## WHAT THE TASK ASKS
Starting with the opening line of the entries below, transcribe each line exactly up to and including the one that has "世田谷区の共生社会ホストタウン 活動計画"; pictures are not copied.

## Records from a dataset
= Beginning of Section =

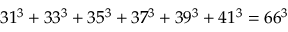
3 1 ^ { 3 } + 3 3 ^ { 3 } + 3 5 ^ { 3 } + 3 7 ^ { 3 } + 3 9 ^ { 3 } + 4 1 ^ { 3 } = 6 6 ^ { 3 }
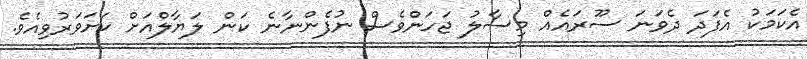
އެކަމަކު އެފަދަ ދެވަނަ ސޫރައެއް މިސާލު ޖަހަންވެސް ނުފެންނާނެ ކަން ލަޔާލްއަށް ކަށަވަރުވިއެވެ.
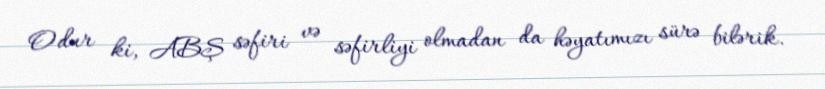
Odur ki, ABŞ səfiri və səfirliyi olmadan da həyatımızı sürə bilərik.
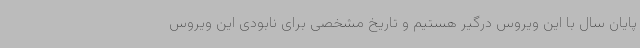
پایان سال با این ویروس درگیر هستیم و تاریخ مشخصی برای نابودی این ویروس
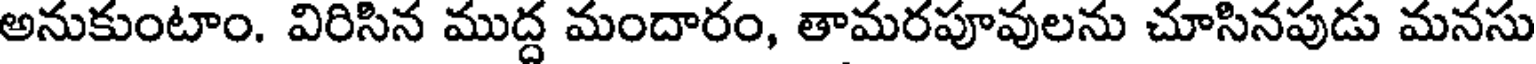
అనుకుంటాం. విరిసిన ముద్ద మందారం, తామరపూవులను చూసినపుడు మనసు
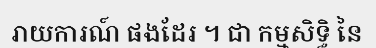
រាយការណ៍ ផងដែរ ។ ជា កម្មសិទ្ធិ នៃ
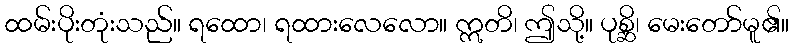
ထမ်းပိုးတုံးသည်။ ရထော၊ ရထားလေလော။ ဣတိ၊ ဤသို့။ ပုစ္ဆိ၊ မေးတော်မူ၏။
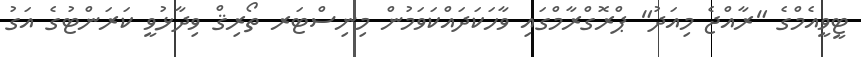
ޓީވީއެމްގެ "ރާއްޖެ މިއަދު" ޕްރޮގްރާމްގައި ވާހަކަދައްކަވަމުން މިނިސްޓަރ ތޯރިޤް ވިދާޅުވީ ކަރަންޓުގެ އަގު
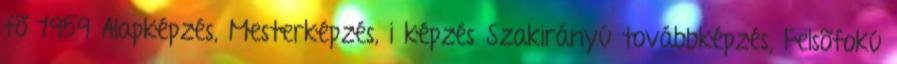
fõ 1959 Alapképzés, Mesterképzés, i képzés Szakirányú továbbképzés, Felsõfokú
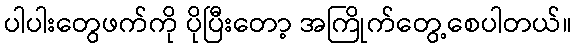
ပါပါးတွေဖက်ကို ပိုပြီးတော့ အကြိုက်တွေ့စေပါတယ်။
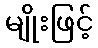
မျိုးဖြင့်
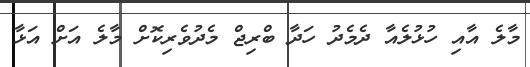
މާލެ އާއި ހުޅުލެއާ ދެމެދު ހަދާ ބްރިޖް މެދުވެރިކޮށް މާލެ އަށް އަޅާ
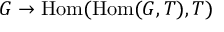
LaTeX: G \to \operatorname { H o m } ( \operatorname { H o m } ( G , T ) , T )
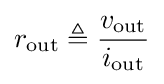
r_{\text{out}}\triangleq {\frac {v_{\text{out}}}{i_{\text{out}}}}
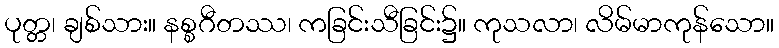
ပုတ္တ၊ ချစ်သား။ နစ္စဂီတဿ၊ ကခြင်းသီခြင်း၌။ ကုသလာ၊ လိမ်မာကုန်သော။
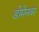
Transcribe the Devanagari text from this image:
डोमेनवर
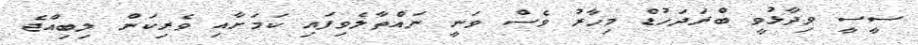
ސީސީ ވިދާޅުވީ ބްރަދަހުޑް މިހާރު ވެސް ވަނީ ނައްތާލެވިފައި ކަމަށާއި ވެރިކަން ލިބިއްޖެ
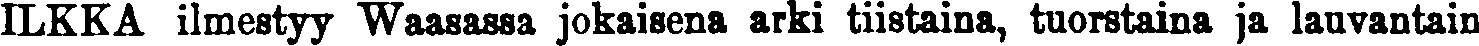
ILKKA ilmestyy Waasassa jokaisena arki tiistaina, tuorstaina ja lauvantain
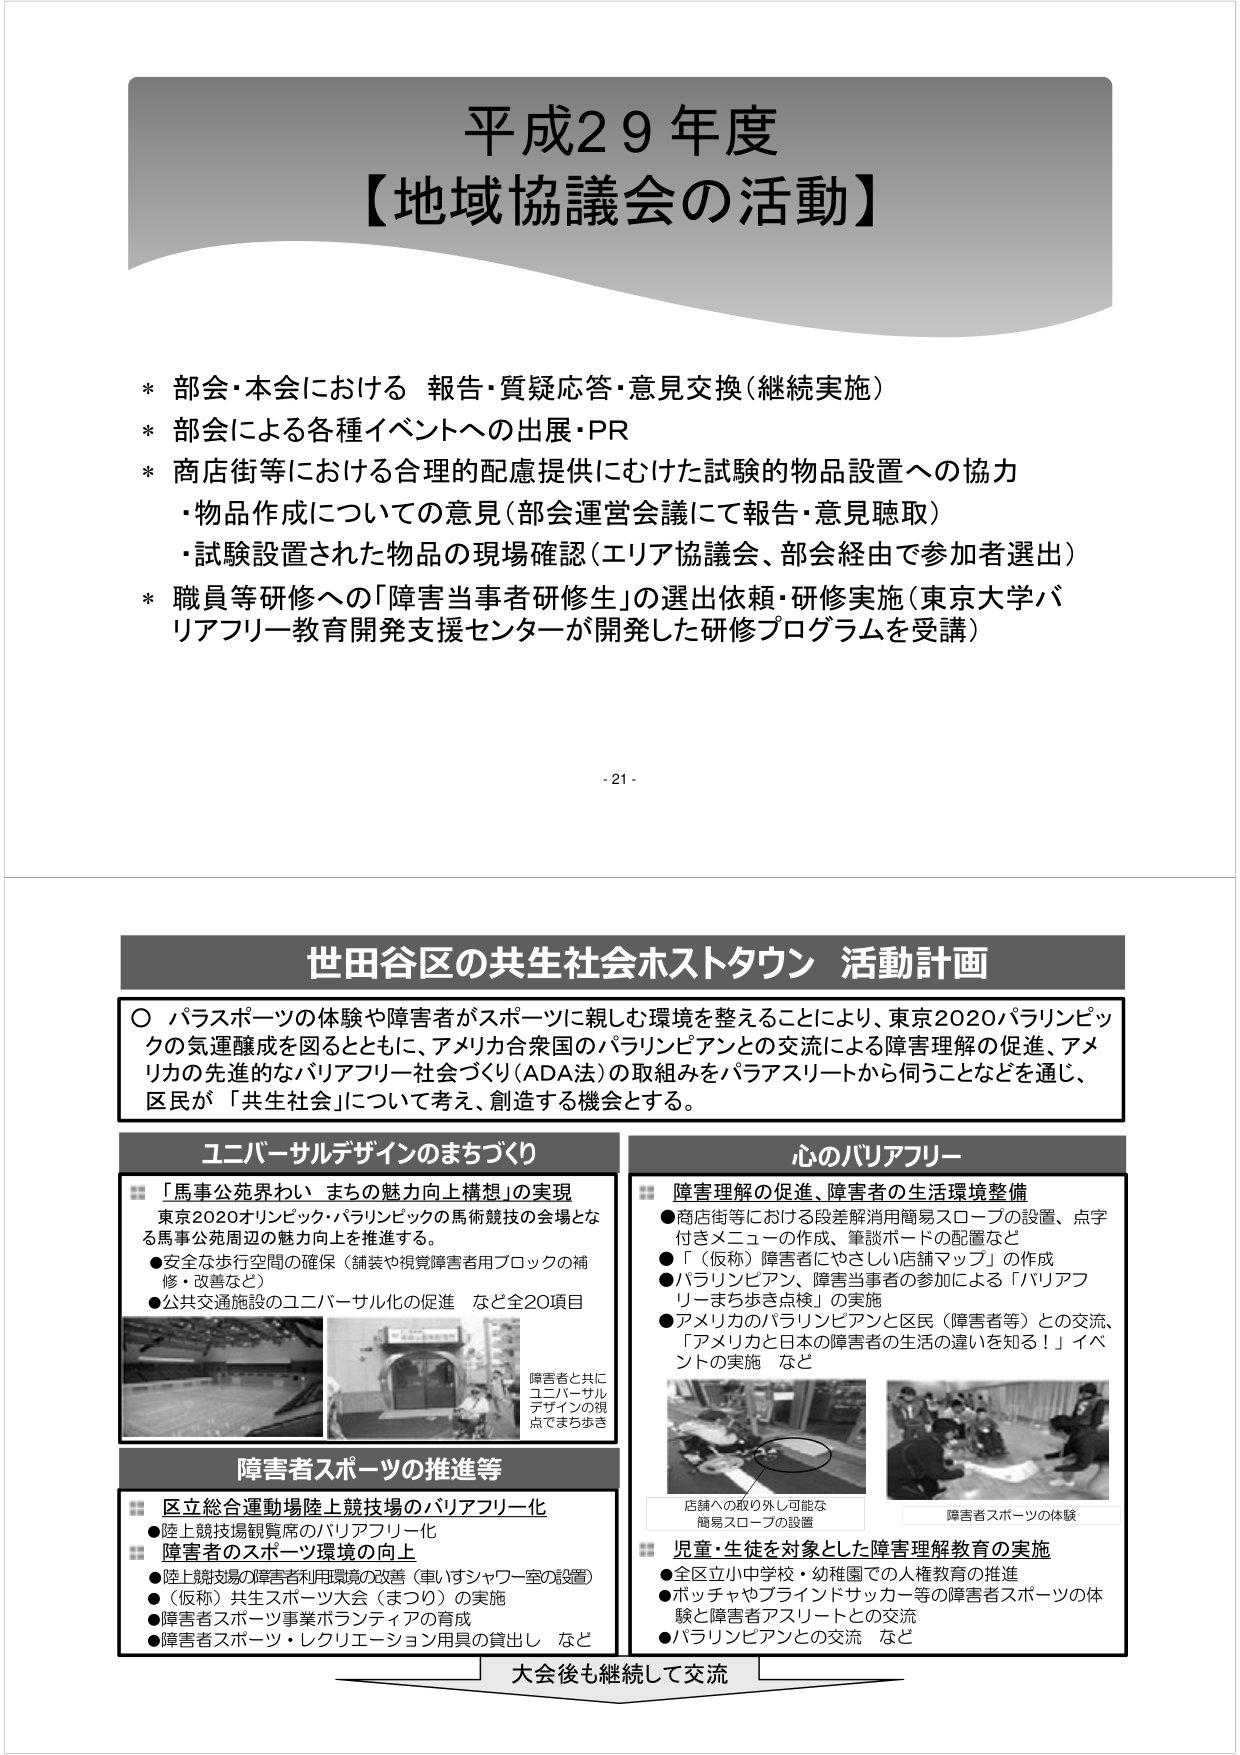
平成29年度
【地域協議会の活動】

* 部会・本会における 報告・質疑応答・意見交換（継続実施）
* 部会による各種イベントへの出展・PR
* 商店街等における合理的配慮提供にむけた試験的物品設置への協力
　・物品作成についての意見（部会運営会議にて報告・意見聴取）
　・試験設置された物品の現場確認（エリア協議会、部会経由で参加者選出）
* 職員等研修への「障害当事者研修生」の選出依頼・研修実施（東京大学バリアフリー教育開発支援センターが開発した研修プログラムを受講）

- 21 -

世田谷区の共生社会ホストタウン 活動計画

〇 パラスポーツの体験や障害者がスポーツに親しむ環境を整えることにより、東京2020パラリンピックの気運醸成を図るとともに、アメリカ合衆国のパラリンピアンとの交流による障害理解の促進、アメリカの先進的なバリアフリー社会づくり（ADA法）の取組みをパラアスリートから伺うことなどを通じ、区民が「共生社会」について考え、創造する機会とする。

ユニバーサルデザインのまちづくり
■ 「馬事公苑界わい まちの魅力向上構想」の実現
　東京2020オリンピック・パラリンピックの馬術競技の会場となる馬事公苑周辺の魅力向上を推進する。
　●安全な歩行空間の確保（舗装や視覚障害者用ブロックの補修・改善など）
　●公共交通施設のユニバーサル化の促進 など全20項目

障害者と共に
ユニバーサル
デザインの視
点でまちあき

心のバリアフリー
■ 障害理解の促進、障害者の生活環境整備
　●商店街等における段差解消用簡易スロープの設置、点字付きメニューの作成、筆談ボードの配置など
　●「（仮称）障害者にやさしい店舗マップ」の作成
　●パラリンピアン、障害当事者の参加による「バリアフリーまち歩き点検」の実施
　●アメリカのパラリンピアンと区民（障害者等）との交流、「アメリカと日本の障害者の生活の違いを知る！」イベントの実施 など

店舗への取り外し可能な
簡易スロープの設置
障害者スポーツの体験

障害者スポーツの推進等
■ 区立総合運動場陸上競技場のバリアフリー化
　●陸上競技場観覧席のバリアフリー化
■ 障害者のスポーツ環境の向上
　●陸上競技場の障害者利用環境の改善（車いすシャワー室の設置）
　●（仮称）共生スポーツ大会（まつり）の実施
　●障害者スポーツ事業ボランティアの育成
　●障害者スポーツ・レクリエーション用具の貸出し など

■ 児童・生徒を対象とした障害理解教育の実施
　●全区立小中学校・幼稚園での人権教育の推進
　●ボッチャやブラインドサッカー等の障害者スポーツの体験と障害者アスリートとの交流
　●パラリンピアンとの交流 など

大会後も継続して交流
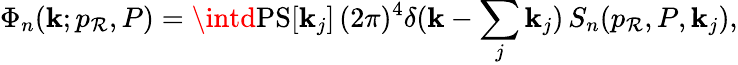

= End of Section =

## YOUR RESPONSE
3 1 ^ { 3 } + 3 3 ^ { 3 } + 3 5 ^ { 3 } + 3 7 ^ { 3 } + 3 9 ^ { 3 } + 4 1 ^ { 3 } = 6 6 ^ { 3 }
އެކަމަކު އެފަދަ ދެވަނަ ސޫރައެއް މިސާލު ޖަހަންވެސް ނުފެންނާނެ ކަން ލަޔާލްއަށް ކަށަވަރުވިއެވެ.
Odur ki, ABŞ səfiri və səfirliyi olmadan da həyatımızı sürə bilərik.
پایان سال با این ویروس درگیر هستیم و تاریخ مشخصی برای نابودی این ویروس
అనుకుంటాం. విరిసిన ముద్ద మందారం, తామరపూవులను చూసినపుడు మనసు
រាយការណ៍ ផងដែរ ។ ជា កម្មសិទ្ធិ នៃ
ထမ်းပိုးတုံးသည်။ ရထော၊ ရထားလေလော။ ဣတိ၊ ဤသို့။ ပုစ္ဆိ၊ မေးတော်မူ၏။
ޓީވީއެމްގެ "ރާއްޖެ މިއަދު" ޕްރޮގްރާމްގައި ވާހަކަދައްކަވަމުން މިނިސްޓަރ ތޯރިޤް ވިދާޅުވީ ކަރަންޓުގެ އަގު
fõ 1959 Alapképzés, Mesterképzés, i képzés Szakirányú továbbképzés, Felsõfokú
ပါပါးတွေဖက်ကို ပိုပြီးတော့ အကြိုက်တွေ့စေပါတယ်။
မျိုးဖြင့်
މާލެ އާއި ހުޅުލެއާ ދެމެދު ހަދާ ބްރިޖް މެދުވެރިކޮށް މާލެ އަށް އަޅާ
LaTeX: G \to \operatorname { H o m } ( \operatorname { H o m } ( G , T ) , T )
r_{\text{out}}\triangleq {\frac {v_{\text{out}}}{i_{\text{out}}}}
ပုတ္တ၊ ချစ်သား။ နစ္စဂီတဿ၊ ကခြင်းသီခြင်း၌။ ကုသလာ၊ လိမ်မာကုန်သော။
Transcribe the Devanagari text from this image:
डोमेनवर
ސީސީ ވިދާޅުވީ ބްރަދަހުޑް މިހާރު ވެސް ވަނީ ނައްތާލެވިފައި ކަމަށާއި ވެރިކަން ލިބިއްޖެ
ILKKA ilmestyy Waasassa jokaisena arki tiistaina, tuorstaina ja lauvantain
平成29年度
【地域協議会の活動】

* 部会・本会における 報告・質疑応答・意見交換（継続実施）
* 部会による各種イベントへの出展・PR
* 商店街等における合理的配慮提供にむけた試験的物品設置への協力
　・物品作成についての意見（部会運営会議にて報告・意見聴取）
　・試験設置された物品の現場確認（エリア協議会、部会経由で参加者選出）
* 職員等研修への「障害当事者研修生」の選出依頼・研修実施（東京大学バリアフリー教育開発支援センターが開発した研修プログラムを受講）

- 21 -

世田谷区の共生社会ホストタウン 活動計画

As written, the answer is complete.